They Come Pre-Programmed… So What’s Your Next Move?

The title of this post is an idea that I think about several times a week while I’m teaching and planning.  Maybe you’ve been there.

~ You’re solving proportions and a kiddo with stars in her eyes exclaims, “The BUTTERFLY METHOD!”

~ You’re isolating a variable while solving equations, and when you ask what’s next, a student offers, “Well, those cancel out, so you have x = -3…”

~ You’re solving inequalities in one variable, and as you graph the solutions on a number line, an excited student exclaims, “I know a shortcut!  The way the symbol is pointing tells you which way to point the arrow when you graph it!”

Some of these “a-ha” moments might happen as we’re teaching (the inequality idea above, for example).  I have no data to back this up, but my guess is that more often than not, these ideas have been explicitly taught to students by well-intentioned teachers and tutors.  Yet, when students are asked to think differently… well… a recent tweet from Jonathan Osters comes to mind…

When these moments inevitably happen in your classroom, literally, what is your next move?  What’s the expression on your face looking like?  What are the words that you say?  What’s next?

I have handled these moments across the gamut – with grace, all the way down to (sporting my best pouty face), “I never use the word cancel… except when I tell students that I never use the word cancel.”

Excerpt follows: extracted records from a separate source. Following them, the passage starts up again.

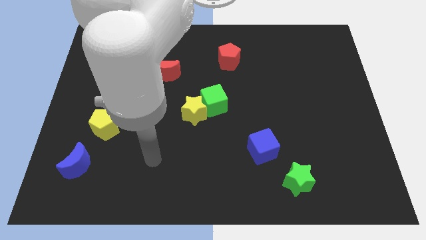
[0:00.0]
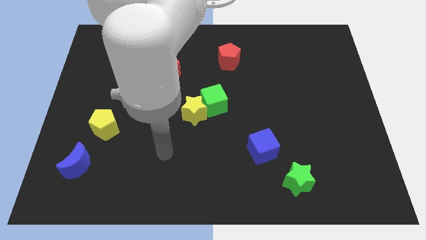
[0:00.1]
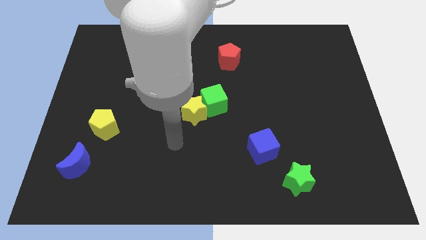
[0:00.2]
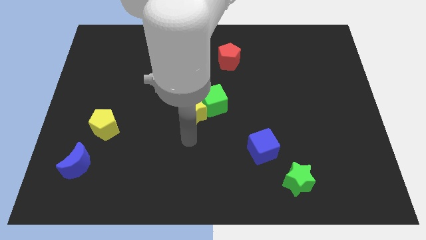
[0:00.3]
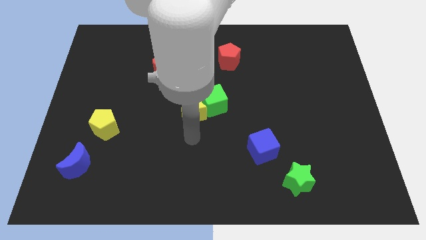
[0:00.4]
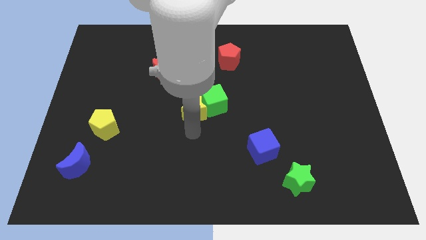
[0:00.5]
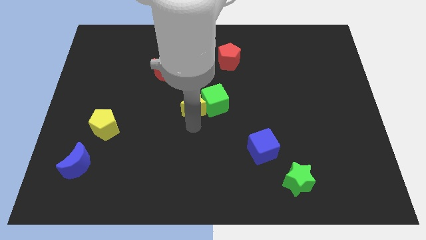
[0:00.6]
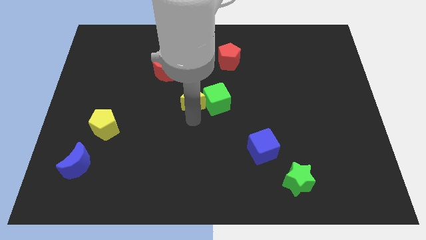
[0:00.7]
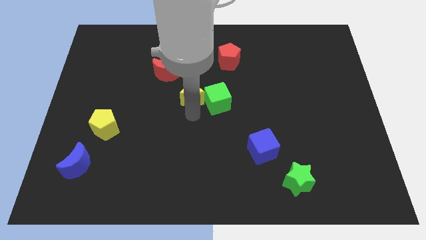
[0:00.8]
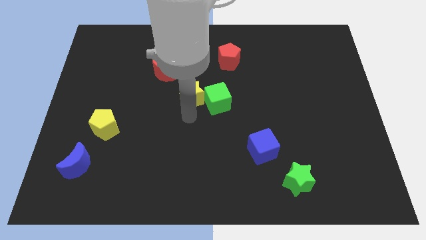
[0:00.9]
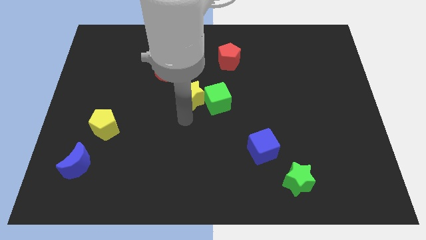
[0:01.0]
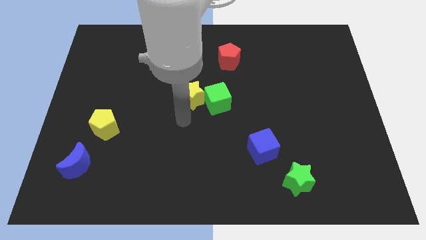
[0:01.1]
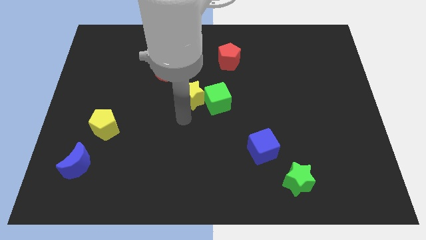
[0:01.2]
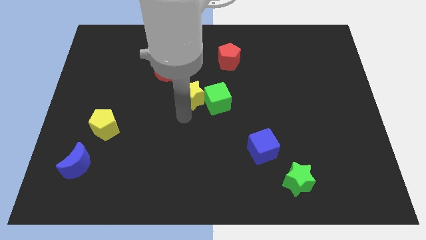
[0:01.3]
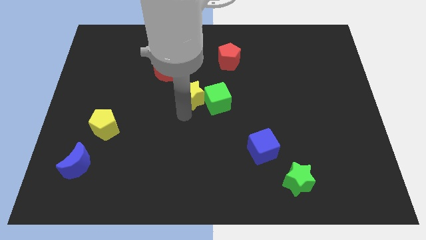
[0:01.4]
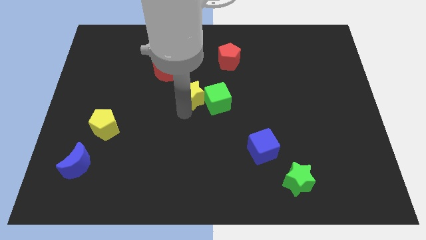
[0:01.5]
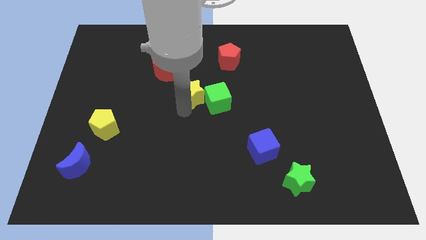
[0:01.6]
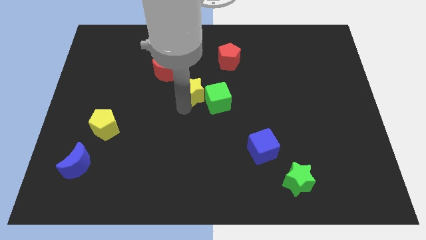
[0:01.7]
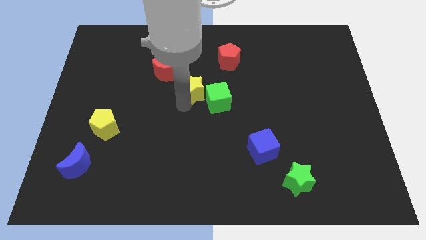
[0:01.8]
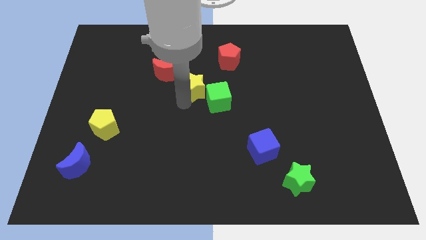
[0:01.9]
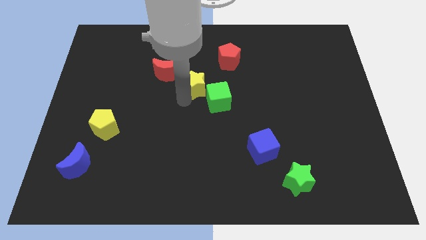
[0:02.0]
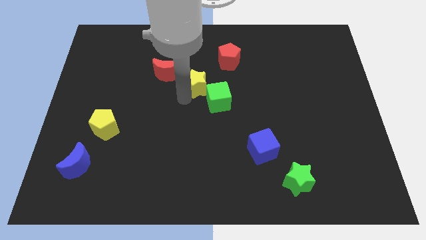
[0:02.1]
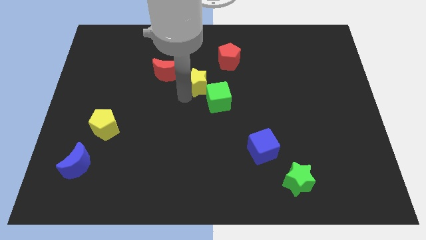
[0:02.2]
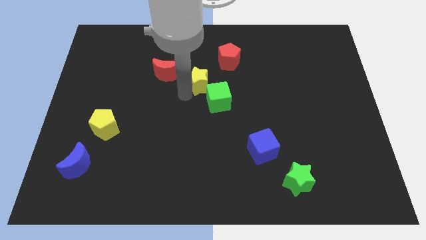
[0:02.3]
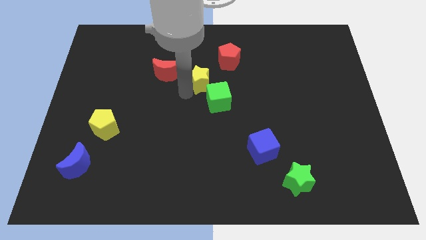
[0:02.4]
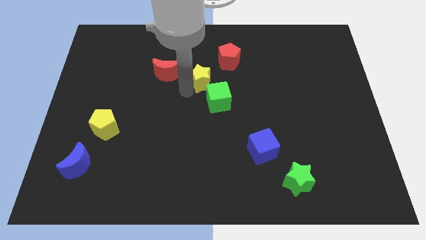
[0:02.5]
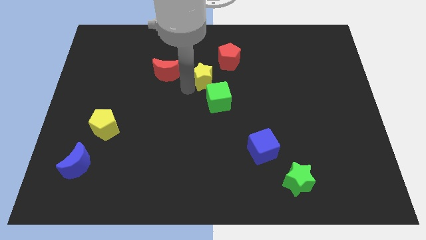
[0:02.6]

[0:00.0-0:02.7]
move the yellow star a bit up and to the right

How do we respect those who are trying to help students by teaching them “tricks”, yet steer things toward learning mathematics for understanding (especially when students LOVE and ADORE a good trick)?  Simply asking and pursuing, “Why does that work?” can help – some students’ reactions are PRICELESS as I watch them UNDERSTAND the mathematics right before my eyes.  Other students look a bit like Osters’ aforementioned tweet, preferring the “trick” that “works” instead.

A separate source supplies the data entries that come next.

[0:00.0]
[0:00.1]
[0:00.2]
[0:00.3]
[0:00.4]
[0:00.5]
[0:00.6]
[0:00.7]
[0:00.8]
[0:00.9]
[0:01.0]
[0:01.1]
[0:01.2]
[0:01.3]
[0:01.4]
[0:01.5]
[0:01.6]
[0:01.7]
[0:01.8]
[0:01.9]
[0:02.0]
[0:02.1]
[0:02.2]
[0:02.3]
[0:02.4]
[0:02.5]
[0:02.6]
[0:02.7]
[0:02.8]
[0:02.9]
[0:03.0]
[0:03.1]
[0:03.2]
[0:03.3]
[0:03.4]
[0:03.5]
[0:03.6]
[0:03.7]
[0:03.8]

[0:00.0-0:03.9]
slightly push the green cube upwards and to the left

I’ve gotten lots of ideas for exploring alternatives that promote understanding from Nix the  Tricks.  If they’re already pre-programmed to “FOIL” I’ve found the conversation about why that acronym is so silly (because it only helps when multiplying two binomials) can bring clarity.

Another approach I’ve tried is to create “proactive problems” and ask strategic questions as we work them.  I see huge potential in creating some sort of problems-resource as a community that might help us be more proactive in the moments before a student is just about to utter the “trick”.

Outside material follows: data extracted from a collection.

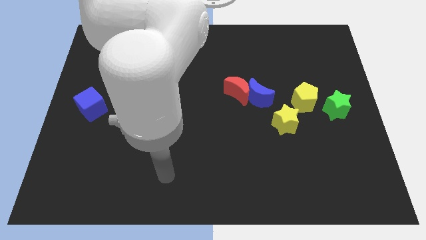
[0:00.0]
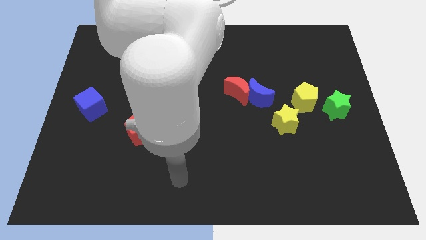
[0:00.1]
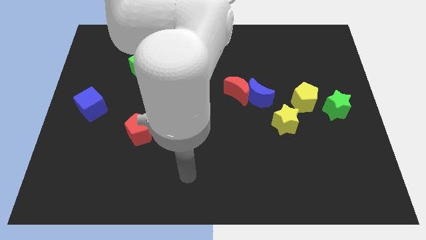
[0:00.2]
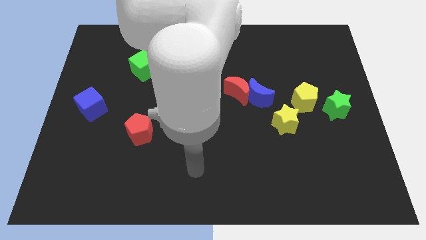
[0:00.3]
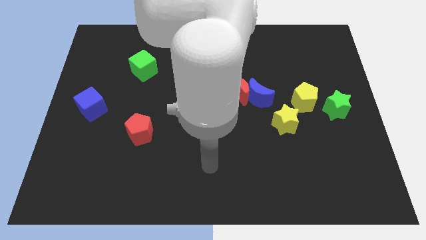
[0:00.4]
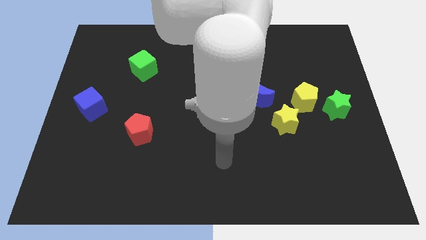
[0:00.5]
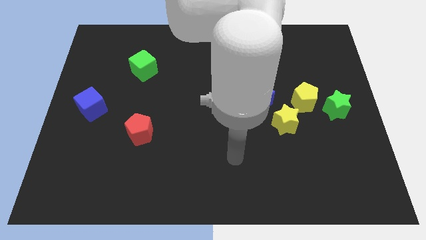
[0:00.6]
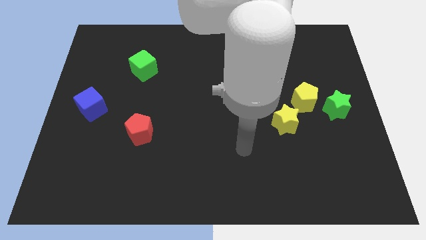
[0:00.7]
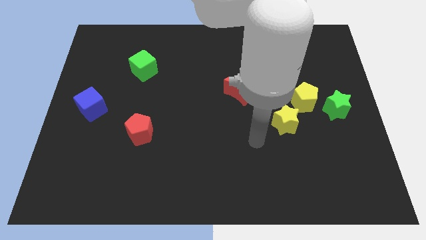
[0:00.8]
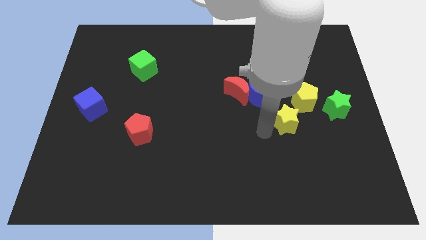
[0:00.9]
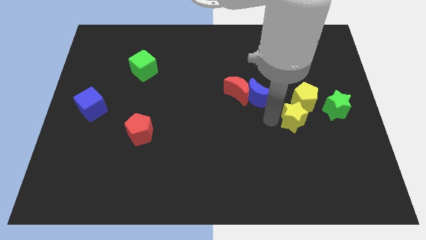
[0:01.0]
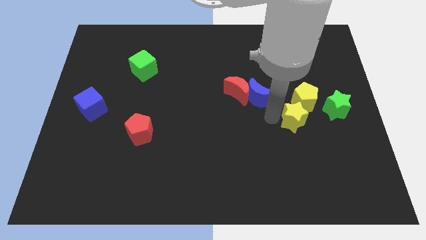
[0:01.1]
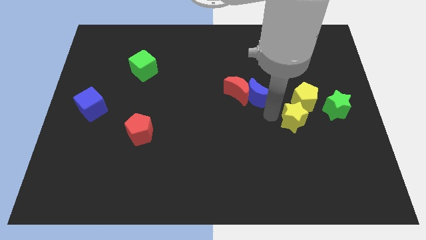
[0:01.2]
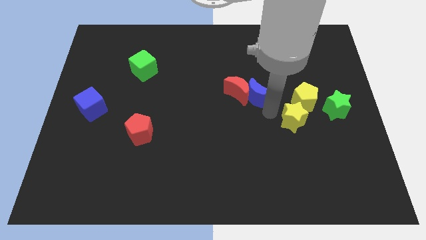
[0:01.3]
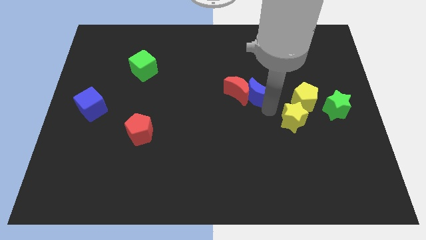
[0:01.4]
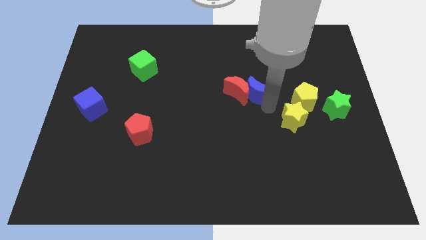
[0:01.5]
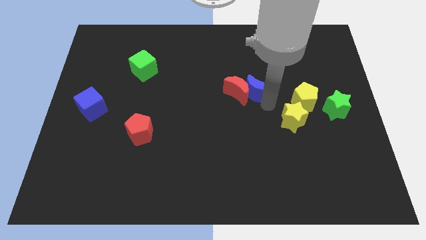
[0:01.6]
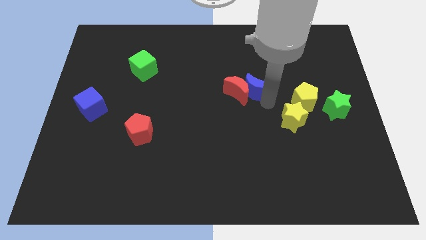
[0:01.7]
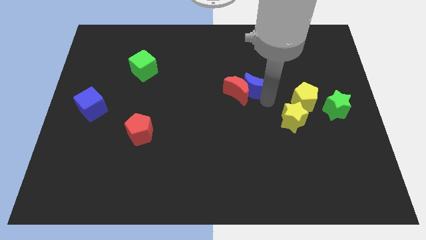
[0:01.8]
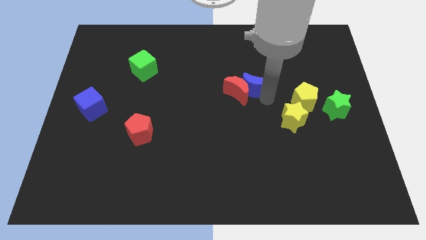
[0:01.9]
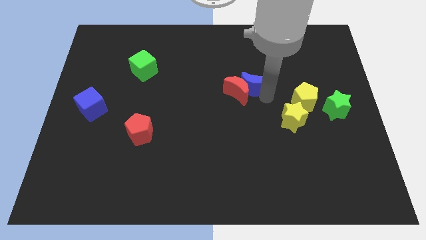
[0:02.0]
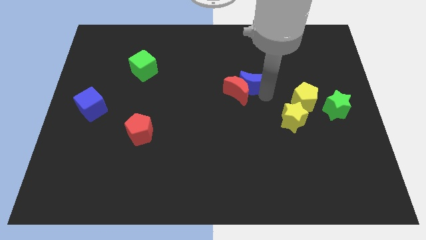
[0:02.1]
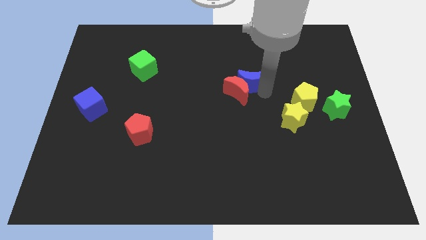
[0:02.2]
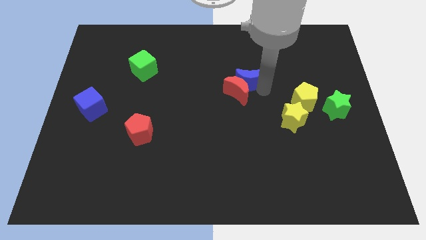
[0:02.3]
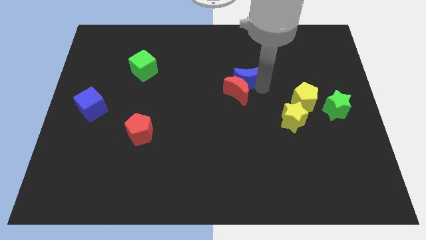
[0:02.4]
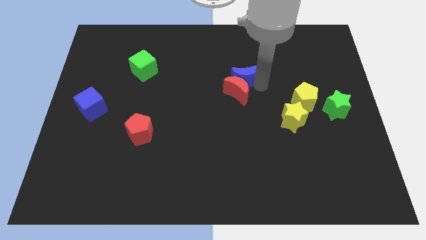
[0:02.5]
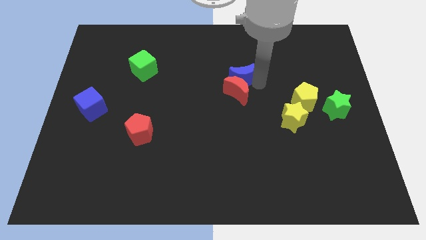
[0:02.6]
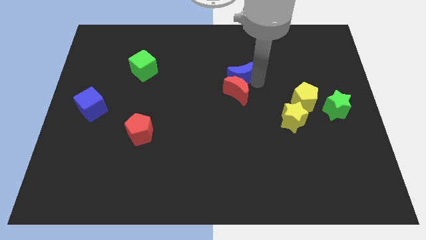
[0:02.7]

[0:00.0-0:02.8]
move the blue moon upwards and left diagonally a little bit

~ Instead of cross-products right out of the gate, ask students, “How can we isolate the variable in this equation?”  (What? Proportions are equations?!? I can multiply both sides of the equation by 40 first?  I can DO that?)

~ Instead of saying “cancel” during instruction, verbally describe what’s happening every time using visuals and concepts of identities.  Reinforce this language as students begin to use it when they explain their thinking.

What are your favorite ways of handling “tricky” instructional moments of opportunity?

And, I’d be naive to think there aren’t things that *I* am explicitly teaching my students, with the best of intentions, that might drive my students’ future math teachers nuts.

What topics and methods am *I* teaching right now that will make my students’ future math teachers roll their eyes?

What sort of “proactive problems” handed down from my students’ future math teachers could also help ME know why I might consider changing the way I present certain topics now?

How can we get better at this?

Follow-up: Check out Dan Meyer’s living document of ideas from folks all over to help create “Mathematical Headaches”

Might we create a similar resource along the lines of… “Rethinking Tricks with Proactive Problems” Directory?  or “Instructional Language to Overcome Tricks” Directory?